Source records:
--------------------
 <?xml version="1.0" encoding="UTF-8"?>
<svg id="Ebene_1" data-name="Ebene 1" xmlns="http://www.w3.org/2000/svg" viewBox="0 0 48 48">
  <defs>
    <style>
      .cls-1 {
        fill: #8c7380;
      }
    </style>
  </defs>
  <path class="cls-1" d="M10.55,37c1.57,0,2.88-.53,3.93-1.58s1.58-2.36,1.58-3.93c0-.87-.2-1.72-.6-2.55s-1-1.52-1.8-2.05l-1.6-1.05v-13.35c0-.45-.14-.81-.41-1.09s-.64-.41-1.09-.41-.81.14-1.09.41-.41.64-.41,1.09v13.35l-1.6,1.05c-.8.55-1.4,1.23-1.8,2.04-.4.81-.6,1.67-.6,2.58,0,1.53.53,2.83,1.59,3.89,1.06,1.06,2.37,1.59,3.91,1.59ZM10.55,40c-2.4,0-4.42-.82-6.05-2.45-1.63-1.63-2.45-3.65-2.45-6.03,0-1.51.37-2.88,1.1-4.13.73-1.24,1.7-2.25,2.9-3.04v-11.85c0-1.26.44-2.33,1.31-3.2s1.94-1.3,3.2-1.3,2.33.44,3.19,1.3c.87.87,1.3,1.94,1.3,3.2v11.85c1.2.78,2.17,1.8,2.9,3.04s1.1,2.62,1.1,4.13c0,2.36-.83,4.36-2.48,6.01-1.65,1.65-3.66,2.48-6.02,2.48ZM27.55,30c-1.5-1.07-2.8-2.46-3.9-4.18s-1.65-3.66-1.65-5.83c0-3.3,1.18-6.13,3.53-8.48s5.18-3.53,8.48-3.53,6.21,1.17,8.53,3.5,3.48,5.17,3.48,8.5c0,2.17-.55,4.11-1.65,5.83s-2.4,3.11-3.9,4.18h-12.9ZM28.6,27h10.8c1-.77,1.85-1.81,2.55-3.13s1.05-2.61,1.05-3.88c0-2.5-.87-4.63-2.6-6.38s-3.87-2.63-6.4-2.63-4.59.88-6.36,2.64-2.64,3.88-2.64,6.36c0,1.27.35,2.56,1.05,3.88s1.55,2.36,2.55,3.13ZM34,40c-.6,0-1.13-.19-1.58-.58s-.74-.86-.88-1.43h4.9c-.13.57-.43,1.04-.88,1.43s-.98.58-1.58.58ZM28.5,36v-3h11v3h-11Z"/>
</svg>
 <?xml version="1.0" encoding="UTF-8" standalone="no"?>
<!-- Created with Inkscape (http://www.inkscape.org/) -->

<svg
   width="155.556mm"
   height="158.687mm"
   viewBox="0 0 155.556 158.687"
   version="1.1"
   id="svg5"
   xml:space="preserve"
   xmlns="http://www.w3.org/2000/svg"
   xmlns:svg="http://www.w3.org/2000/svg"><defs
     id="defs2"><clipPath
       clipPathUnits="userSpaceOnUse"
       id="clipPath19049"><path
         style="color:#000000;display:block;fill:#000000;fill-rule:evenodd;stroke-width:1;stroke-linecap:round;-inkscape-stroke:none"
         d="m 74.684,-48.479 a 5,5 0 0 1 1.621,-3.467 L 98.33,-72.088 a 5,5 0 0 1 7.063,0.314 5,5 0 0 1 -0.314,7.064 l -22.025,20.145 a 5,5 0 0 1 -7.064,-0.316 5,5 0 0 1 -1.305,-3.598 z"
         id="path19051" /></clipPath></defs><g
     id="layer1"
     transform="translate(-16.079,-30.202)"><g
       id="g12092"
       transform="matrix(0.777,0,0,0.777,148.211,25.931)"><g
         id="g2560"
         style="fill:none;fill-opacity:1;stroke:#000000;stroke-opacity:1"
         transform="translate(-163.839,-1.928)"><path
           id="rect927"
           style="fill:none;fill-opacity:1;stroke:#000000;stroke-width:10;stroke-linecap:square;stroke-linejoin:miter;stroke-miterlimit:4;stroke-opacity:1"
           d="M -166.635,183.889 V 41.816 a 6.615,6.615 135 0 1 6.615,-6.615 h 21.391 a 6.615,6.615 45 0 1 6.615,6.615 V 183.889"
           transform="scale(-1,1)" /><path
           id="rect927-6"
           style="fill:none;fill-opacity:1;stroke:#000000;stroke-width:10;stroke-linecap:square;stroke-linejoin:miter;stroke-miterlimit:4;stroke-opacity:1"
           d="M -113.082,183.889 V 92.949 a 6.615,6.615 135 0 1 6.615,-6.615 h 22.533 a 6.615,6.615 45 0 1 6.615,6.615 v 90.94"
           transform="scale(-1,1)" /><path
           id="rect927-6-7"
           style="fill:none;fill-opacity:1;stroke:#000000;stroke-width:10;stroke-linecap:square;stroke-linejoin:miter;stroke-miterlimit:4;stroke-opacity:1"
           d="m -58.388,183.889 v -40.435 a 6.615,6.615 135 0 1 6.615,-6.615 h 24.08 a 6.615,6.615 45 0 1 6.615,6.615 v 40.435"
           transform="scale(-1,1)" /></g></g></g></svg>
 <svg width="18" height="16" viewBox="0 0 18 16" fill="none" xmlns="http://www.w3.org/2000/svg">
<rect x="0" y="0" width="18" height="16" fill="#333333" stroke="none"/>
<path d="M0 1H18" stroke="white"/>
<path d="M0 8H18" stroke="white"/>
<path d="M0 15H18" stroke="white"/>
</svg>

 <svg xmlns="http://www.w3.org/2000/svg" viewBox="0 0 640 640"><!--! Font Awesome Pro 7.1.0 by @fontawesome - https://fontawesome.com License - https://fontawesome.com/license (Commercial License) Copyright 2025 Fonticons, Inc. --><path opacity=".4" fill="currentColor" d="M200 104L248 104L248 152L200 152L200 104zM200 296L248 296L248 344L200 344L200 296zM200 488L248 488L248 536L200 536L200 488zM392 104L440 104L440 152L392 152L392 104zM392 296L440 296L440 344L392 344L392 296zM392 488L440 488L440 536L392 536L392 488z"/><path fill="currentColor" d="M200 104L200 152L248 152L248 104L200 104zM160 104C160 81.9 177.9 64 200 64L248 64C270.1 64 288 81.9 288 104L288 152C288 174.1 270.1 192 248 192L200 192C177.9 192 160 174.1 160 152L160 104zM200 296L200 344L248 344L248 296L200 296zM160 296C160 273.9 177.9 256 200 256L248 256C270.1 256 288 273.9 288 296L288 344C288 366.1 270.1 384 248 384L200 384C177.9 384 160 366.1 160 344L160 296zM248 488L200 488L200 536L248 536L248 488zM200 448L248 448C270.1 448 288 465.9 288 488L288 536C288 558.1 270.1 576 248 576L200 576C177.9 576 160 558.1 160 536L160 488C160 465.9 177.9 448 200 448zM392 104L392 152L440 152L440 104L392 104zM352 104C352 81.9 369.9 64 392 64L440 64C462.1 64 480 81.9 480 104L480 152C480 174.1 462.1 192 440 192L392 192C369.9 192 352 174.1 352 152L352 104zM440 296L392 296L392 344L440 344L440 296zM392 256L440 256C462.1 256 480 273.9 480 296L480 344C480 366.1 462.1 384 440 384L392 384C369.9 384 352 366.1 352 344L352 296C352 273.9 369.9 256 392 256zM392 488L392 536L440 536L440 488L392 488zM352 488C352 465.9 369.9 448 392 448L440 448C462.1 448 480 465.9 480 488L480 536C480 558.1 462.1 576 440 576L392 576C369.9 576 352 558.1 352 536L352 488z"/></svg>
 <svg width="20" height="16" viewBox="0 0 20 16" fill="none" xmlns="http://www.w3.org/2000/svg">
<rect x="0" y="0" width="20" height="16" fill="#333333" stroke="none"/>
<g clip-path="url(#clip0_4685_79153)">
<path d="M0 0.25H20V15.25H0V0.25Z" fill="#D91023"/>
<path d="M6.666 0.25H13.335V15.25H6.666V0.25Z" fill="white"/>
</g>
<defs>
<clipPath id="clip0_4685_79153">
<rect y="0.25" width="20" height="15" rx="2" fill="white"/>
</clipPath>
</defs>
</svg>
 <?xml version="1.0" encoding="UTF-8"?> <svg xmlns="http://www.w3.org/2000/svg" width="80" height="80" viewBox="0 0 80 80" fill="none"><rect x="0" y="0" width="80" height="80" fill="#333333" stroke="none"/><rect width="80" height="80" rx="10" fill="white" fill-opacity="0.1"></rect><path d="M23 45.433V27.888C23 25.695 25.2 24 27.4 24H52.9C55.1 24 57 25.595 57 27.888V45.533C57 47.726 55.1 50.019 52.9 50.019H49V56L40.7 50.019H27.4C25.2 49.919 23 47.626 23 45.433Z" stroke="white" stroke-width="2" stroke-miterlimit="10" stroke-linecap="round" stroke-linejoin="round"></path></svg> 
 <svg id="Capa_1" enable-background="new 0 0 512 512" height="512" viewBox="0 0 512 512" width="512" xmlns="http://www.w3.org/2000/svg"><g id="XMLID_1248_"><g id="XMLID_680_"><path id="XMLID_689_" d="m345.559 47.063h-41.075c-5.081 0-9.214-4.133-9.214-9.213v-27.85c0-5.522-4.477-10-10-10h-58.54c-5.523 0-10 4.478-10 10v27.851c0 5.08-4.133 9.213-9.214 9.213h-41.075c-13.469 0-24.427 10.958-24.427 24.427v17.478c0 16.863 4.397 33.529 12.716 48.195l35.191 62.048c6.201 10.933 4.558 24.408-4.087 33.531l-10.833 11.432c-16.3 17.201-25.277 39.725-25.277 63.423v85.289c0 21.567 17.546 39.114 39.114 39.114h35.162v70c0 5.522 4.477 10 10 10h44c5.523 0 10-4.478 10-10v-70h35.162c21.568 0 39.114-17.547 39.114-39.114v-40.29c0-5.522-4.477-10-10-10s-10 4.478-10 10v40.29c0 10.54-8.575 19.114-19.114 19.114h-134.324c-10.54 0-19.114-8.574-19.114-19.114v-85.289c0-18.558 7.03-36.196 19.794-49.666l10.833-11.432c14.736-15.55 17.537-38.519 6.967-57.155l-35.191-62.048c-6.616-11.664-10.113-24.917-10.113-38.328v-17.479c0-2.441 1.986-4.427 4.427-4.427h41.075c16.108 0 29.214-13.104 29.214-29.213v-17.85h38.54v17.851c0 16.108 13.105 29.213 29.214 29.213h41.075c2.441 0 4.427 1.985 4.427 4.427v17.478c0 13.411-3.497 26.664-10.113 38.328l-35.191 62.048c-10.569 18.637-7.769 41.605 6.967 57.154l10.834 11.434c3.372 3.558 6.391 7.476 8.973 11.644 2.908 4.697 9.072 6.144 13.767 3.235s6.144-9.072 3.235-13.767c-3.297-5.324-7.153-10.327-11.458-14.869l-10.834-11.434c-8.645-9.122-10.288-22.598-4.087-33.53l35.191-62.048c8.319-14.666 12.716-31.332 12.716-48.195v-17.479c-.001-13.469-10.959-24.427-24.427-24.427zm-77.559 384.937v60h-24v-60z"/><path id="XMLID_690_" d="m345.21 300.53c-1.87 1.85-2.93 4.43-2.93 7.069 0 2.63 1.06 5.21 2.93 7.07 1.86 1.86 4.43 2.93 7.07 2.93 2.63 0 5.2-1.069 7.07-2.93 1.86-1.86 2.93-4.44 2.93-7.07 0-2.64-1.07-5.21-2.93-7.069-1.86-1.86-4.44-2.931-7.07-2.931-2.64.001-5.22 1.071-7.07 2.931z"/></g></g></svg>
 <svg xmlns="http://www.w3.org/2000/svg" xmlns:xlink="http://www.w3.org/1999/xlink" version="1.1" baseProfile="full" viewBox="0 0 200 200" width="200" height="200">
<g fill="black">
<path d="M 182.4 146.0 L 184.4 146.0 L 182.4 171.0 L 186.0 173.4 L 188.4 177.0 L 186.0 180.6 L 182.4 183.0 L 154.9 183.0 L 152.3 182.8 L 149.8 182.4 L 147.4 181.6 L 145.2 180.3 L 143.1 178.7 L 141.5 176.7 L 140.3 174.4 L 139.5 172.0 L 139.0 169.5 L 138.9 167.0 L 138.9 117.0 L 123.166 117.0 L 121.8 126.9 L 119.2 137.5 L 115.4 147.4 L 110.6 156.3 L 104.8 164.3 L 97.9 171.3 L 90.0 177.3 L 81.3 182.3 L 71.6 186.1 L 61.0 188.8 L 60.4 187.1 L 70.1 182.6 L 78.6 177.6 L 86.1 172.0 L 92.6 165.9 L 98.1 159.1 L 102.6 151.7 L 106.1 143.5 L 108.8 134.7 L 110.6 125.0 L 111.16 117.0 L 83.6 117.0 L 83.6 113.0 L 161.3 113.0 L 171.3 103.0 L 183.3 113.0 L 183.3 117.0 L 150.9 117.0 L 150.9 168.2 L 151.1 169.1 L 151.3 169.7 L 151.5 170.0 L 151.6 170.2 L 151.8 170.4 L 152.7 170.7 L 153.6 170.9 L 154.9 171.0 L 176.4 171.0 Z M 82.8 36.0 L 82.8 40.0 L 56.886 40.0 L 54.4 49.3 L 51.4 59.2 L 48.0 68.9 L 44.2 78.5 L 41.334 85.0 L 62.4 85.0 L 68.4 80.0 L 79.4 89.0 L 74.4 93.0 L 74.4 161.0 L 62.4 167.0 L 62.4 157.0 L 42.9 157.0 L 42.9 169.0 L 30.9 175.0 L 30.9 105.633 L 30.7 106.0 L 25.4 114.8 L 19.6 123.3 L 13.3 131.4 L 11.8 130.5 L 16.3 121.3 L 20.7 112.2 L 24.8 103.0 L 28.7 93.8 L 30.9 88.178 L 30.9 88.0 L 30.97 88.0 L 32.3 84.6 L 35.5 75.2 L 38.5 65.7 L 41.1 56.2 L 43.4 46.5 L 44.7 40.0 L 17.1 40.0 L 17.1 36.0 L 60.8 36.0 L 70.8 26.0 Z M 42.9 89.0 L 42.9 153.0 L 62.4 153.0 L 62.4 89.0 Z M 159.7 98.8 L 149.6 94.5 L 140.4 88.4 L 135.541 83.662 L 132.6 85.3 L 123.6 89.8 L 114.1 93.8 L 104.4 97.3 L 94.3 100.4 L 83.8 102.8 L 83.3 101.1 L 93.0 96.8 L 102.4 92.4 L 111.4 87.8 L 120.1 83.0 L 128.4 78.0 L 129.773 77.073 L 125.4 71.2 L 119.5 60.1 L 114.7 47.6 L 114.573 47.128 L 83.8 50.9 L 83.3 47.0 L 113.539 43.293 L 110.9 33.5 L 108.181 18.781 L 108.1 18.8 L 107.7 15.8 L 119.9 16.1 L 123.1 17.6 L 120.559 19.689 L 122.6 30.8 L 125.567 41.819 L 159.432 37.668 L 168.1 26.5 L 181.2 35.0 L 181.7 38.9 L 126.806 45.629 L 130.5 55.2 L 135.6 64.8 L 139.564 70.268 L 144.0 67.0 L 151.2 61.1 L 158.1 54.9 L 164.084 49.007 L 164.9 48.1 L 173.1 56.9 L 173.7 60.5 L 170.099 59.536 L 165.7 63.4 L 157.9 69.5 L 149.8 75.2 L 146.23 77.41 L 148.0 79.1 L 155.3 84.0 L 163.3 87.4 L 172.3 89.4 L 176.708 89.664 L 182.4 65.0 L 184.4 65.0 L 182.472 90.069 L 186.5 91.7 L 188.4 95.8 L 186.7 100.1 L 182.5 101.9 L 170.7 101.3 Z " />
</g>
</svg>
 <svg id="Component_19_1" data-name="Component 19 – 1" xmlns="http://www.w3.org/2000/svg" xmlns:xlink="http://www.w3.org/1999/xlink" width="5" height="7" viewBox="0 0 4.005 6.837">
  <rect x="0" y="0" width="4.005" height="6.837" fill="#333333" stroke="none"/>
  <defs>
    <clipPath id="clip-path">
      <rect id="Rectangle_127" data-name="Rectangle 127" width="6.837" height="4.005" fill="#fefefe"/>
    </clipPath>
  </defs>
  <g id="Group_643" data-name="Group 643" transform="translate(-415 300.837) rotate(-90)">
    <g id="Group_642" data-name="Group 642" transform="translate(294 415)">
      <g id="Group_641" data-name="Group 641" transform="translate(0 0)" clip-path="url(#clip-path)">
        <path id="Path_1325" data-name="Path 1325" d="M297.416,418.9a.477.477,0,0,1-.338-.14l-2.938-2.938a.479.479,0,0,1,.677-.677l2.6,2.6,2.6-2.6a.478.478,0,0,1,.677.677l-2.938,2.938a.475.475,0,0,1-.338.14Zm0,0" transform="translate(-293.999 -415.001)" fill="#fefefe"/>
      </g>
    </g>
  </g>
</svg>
--------------------
Show me all lines in the records that contain "inkscape".

_SOLVED PROBLEM_
<!-- Created with Inkscape (http://www.inkscape.org/) -->
         style="color:#000000;display:block;fill:#000000;fill-rule:evenodd;stroke-width:1;stroke-linecap:round;-inkscape-stroke:none"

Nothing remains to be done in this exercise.